La fête commença comme prévu. L’ambiance tourna vite à la gaîté, le champagne n’y était pas étranger. Les amuse-gueules disparaissaient à belle allure. Le chef du service, d’habitude assez austère, semblait avoir reçu par avance un cadeau de Noël spécial, une valise remplie de sourires, il n’était pas le dernier à sortir une bonne blague. Il prit même tout le monde au dépourvu quand il annonça que le tutoiement devait devenir la règle dans son service. Il est vrai qu’il était proche de la retraite et que cela devait le mettre encore de meilleure humeur. Entre Thomas et lui, cela ne changeait pas grand-chose, ils avaient depuis longtemps franchi cette barrière de familiarité. Pour les autres c’était nouveau, mais l’habitude serait vite prise. Thomas se marra intérieurement, demain soir quand il irait chez Christine, la tante pourrait surprendre les neveux :

– Dis donc, t’as vu la tantine, elle connaît vachement bien le père Noël, elle lui dit « tu ! ».
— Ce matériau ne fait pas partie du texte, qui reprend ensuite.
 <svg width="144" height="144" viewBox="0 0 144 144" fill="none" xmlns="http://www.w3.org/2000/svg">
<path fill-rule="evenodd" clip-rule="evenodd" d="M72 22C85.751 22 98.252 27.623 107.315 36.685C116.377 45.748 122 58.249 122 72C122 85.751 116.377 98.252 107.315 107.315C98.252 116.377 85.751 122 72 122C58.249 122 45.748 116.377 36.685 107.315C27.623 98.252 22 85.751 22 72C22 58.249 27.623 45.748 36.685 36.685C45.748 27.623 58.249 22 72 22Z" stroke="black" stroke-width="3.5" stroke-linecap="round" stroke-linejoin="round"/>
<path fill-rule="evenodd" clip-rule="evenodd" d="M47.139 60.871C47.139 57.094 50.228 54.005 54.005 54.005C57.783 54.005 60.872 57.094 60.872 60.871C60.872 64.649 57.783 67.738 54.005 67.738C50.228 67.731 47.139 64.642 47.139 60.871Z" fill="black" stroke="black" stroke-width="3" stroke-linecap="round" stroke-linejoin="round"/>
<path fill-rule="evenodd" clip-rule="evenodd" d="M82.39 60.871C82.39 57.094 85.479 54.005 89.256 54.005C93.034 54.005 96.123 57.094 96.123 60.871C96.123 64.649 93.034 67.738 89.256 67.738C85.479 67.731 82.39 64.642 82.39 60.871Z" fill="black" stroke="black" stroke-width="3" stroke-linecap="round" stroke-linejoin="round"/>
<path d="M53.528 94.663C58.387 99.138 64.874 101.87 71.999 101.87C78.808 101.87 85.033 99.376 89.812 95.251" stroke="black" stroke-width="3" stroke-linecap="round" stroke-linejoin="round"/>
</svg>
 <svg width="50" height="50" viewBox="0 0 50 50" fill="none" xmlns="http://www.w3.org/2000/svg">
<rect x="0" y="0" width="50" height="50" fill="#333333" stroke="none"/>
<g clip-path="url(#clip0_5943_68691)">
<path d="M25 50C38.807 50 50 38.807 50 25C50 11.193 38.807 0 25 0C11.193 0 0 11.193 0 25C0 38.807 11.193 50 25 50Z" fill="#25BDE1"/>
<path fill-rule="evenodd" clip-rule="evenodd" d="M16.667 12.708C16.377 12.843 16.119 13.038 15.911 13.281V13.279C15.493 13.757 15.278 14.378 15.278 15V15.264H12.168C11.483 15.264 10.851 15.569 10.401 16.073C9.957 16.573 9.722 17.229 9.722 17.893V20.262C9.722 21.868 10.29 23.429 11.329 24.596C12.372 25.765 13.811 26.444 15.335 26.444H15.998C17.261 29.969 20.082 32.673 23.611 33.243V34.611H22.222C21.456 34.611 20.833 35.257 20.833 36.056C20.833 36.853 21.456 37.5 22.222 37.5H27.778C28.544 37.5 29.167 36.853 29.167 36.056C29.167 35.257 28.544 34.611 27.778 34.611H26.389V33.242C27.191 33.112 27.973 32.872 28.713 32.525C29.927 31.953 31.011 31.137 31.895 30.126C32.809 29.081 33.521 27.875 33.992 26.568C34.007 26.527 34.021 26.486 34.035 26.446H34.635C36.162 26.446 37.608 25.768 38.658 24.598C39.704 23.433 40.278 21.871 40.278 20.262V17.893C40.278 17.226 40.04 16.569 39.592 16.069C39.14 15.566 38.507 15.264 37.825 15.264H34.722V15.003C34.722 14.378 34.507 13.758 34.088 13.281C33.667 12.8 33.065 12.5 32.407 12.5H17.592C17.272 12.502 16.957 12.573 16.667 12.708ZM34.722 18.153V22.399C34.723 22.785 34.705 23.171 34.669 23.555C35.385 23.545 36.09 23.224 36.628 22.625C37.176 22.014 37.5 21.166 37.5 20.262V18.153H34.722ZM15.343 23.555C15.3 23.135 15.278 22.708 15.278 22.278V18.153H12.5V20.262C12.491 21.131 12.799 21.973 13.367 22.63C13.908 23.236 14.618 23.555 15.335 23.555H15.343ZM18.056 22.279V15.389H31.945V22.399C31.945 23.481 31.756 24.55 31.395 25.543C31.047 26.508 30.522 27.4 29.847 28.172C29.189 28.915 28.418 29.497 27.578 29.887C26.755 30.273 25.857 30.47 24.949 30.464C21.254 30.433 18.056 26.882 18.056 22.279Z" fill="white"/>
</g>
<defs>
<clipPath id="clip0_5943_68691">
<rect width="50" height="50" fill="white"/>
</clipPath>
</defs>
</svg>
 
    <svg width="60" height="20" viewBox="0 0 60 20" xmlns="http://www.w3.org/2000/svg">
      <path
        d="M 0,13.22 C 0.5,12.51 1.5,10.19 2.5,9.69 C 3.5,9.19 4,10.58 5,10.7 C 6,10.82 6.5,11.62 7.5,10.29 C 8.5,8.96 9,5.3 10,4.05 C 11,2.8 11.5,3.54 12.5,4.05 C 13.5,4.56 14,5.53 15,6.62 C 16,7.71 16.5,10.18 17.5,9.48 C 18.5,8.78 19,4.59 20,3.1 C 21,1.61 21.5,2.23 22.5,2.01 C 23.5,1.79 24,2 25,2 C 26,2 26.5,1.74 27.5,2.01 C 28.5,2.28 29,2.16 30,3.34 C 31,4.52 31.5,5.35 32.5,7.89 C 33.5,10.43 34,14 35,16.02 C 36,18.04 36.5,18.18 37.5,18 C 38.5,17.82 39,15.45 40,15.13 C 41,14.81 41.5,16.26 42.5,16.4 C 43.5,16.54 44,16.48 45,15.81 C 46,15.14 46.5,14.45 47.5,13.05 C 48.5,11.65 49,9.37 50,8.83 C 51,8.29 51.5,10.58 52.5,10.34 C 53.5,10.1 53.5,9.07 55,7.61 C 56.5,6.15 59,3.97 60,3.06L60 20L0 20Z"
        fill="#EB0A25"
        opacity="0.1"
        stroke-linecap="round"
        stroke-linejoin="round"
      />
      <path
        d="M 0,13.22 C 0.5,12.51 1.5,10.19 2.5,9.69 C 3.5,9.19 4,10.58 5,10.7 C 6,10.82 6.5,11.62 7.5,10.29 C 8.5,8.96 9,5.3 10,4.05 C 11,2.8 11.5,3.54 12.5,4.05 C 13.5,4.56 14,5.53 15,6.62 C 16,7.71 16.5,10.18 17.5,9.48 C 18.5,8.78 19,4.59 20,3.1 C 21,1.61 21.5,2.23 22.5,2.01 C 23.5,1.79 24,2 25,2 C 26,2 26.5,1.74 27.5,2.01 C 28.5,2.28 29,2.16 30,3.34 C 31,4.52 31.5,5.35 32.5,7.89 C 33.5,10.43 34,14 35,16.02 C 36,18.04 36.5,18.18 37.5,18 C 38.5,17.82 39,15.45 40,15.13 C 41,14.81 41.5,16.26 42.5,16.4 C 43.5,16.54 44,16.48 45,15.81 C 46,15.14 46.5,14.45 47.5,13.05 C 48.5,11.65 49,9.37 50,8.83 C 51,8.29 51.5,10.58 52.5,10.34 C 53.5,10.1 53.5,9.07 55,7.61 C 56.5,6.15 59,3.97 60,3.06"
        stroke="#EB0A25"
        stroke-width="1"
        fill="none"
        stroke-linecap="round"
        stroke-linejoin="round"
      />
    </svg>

Le lendemain, Thomas se prépara, il se fit beau comme on dit. Conscient que ce ne serait pas le costume qu’il allait vêtir pour le rôle qu’il allait jouer, il n’en soigna pas moins les petits détails. Rasé de près, il s’aspergea d’un après-rasage qu’il gardait pour les grandes occasions. Il décida de partir un peu en avance à son rendez-vous, même s’il connaissait très bien l’adresse où il devait se rendre. Pour éviter les ruées de dernière minute, il prendrait un bus plus tôt et irait boire un verre dans un bistrot situé dans la même rue.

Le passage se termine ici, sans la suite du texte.